Government by the Treaty of Berlin was still erect when, one fine morning, in walked the three Consuls, totally uninvited, with a proclamation prepared and signed by themselves, without any mention of anybody else. They had awoke to a sense of the danger of the situation and their own indispensable merits. The two children knew their day was over; the nurses had come for them. Who can blame them for their timidity? The Consuls have the ears of the Governments; they are the authors of those despatches of which, in the ripeness of time, Blue-books and White-books are made up; they had dismissed (with some little assistance from yourself) MM. Cedercrantz and Senfft von Pilsach, and they had strangled, like an illegitimate child, the scandal of the dynamite. The Chief Justice and the President made haste to disappear between decks, and left the ship of the State to the three volunteers. There was no lack of activity. The Consuls went up to Atua, they went down to Aána; the oarsmen toiled, the talking men pleaded; they are said to have met with threats in Atua, and to have yielded to them — at  least, in but a few days’ time they came home to us with a new treaty of pacification. Of course, and as before, the Government troops were whitewashed; the Savaii ruffians had been stripping women and killing cats in the interests of the Berlin Treaty; there was to be no punishment and no inquiry; let them retire to Savaii with their booty and their dead. Offensive as this cannot fail to be, there is still some slight excuse for it. The King is no more than one out of several chiefs of clans. His strength resides in the willing obedience of the Tuamasaga, and a portion — I have to hope a bad portion — of the island of Savaii. To punish any of these supporters must always be to accept a risk; and the golden opportunity had been allowed to slip at the moment of the Mataafa war.

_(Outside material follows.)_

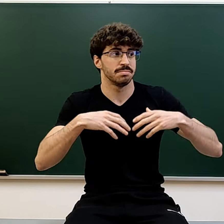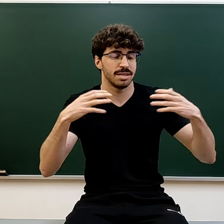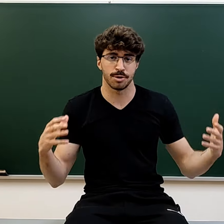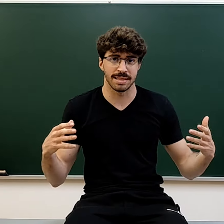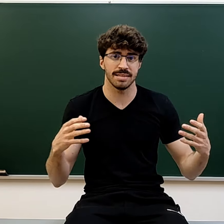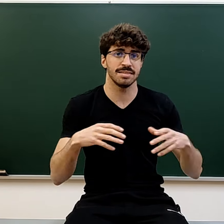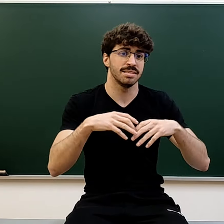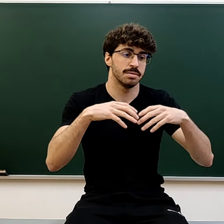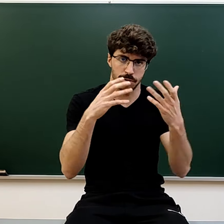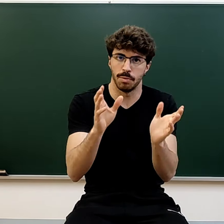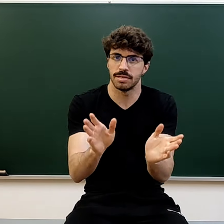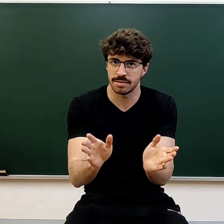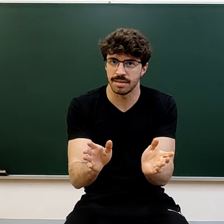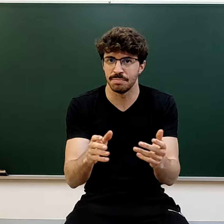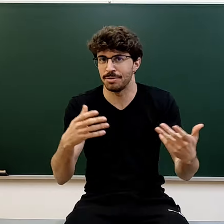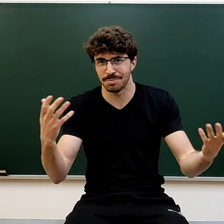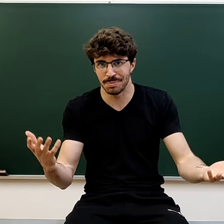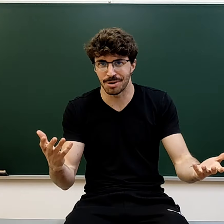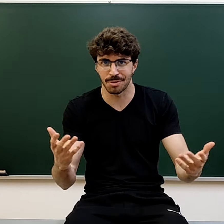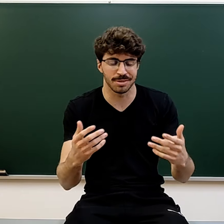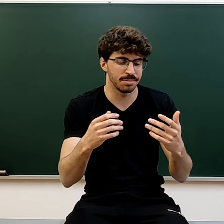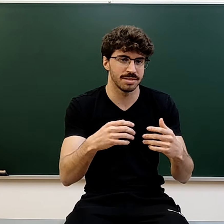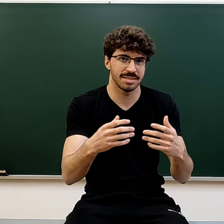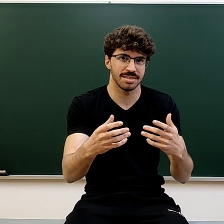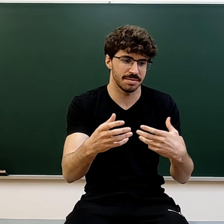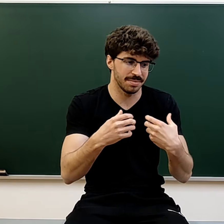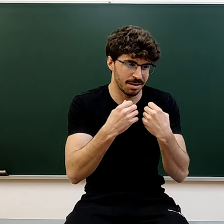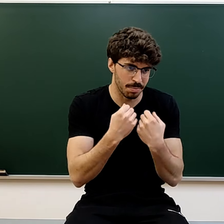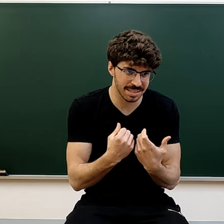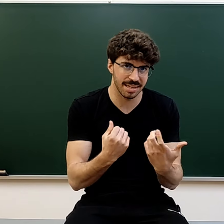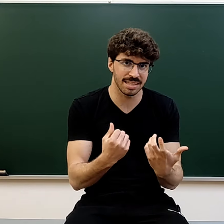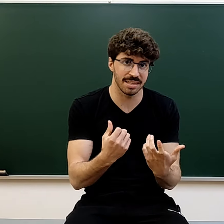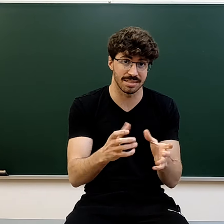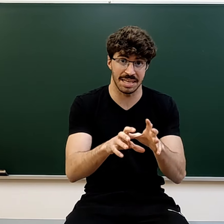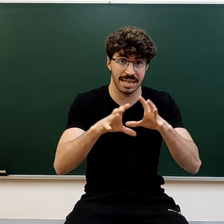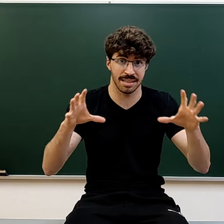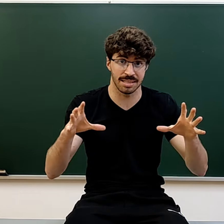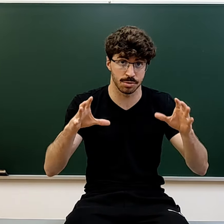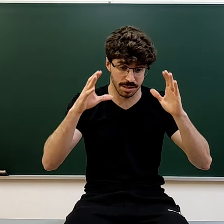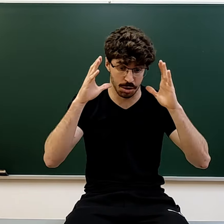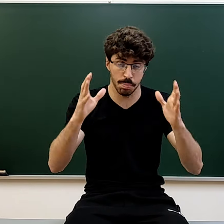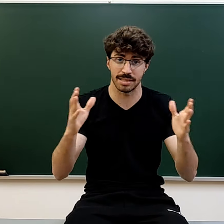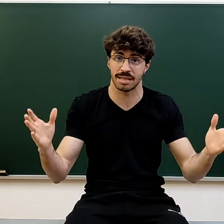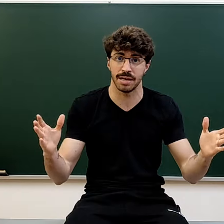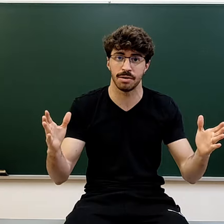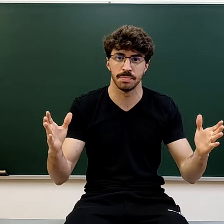esto no me interesa, bueno, lo puedes decir, pero es muy poco productivo. Lo más interesante es, ya que te dan eso y no puedes cambiarlo,

What was more original was the treatment of the rebels. They were under arms that moment against the Government; they had fought and sometimes vanquished; they had taken heads and carried them to Tamasese. And the terms granted were to surrender fifty rifles, to make some twenty miles of road, to pay some old fines — and to be forgiven! The loss of fifty rifles to people destitute of any shadow of a gunsmith to repair them when they are broken, and already notoriously short of ammunition, is a trifle; the number is easy to be made up of those that are out of commission; for there is not the least stipulation as to their value; any synthesis of old iron and smashed wood that can be called a gun is to be taken from its force. The road, as likely as not, will never be made. The fines have nothing to say to this war; in any reasonably governed country they should never have figured in the treaty; they had been inflicted before, and were due before. Before the rebellion began, the beach had rung with I know not what indiscreet bluster; the natives were to be read a lesson; Tamasese (by name) was to be hanged; and after what had been done to Mataafa, I was so innocent as to listen with awe. And now the rebellion has come, and this was the punishment! There might well have been 400 a doubt in the mind of any chief who should have been tempted to follow the example of Mataafa; but who is it that would not dare to follow Tamasese?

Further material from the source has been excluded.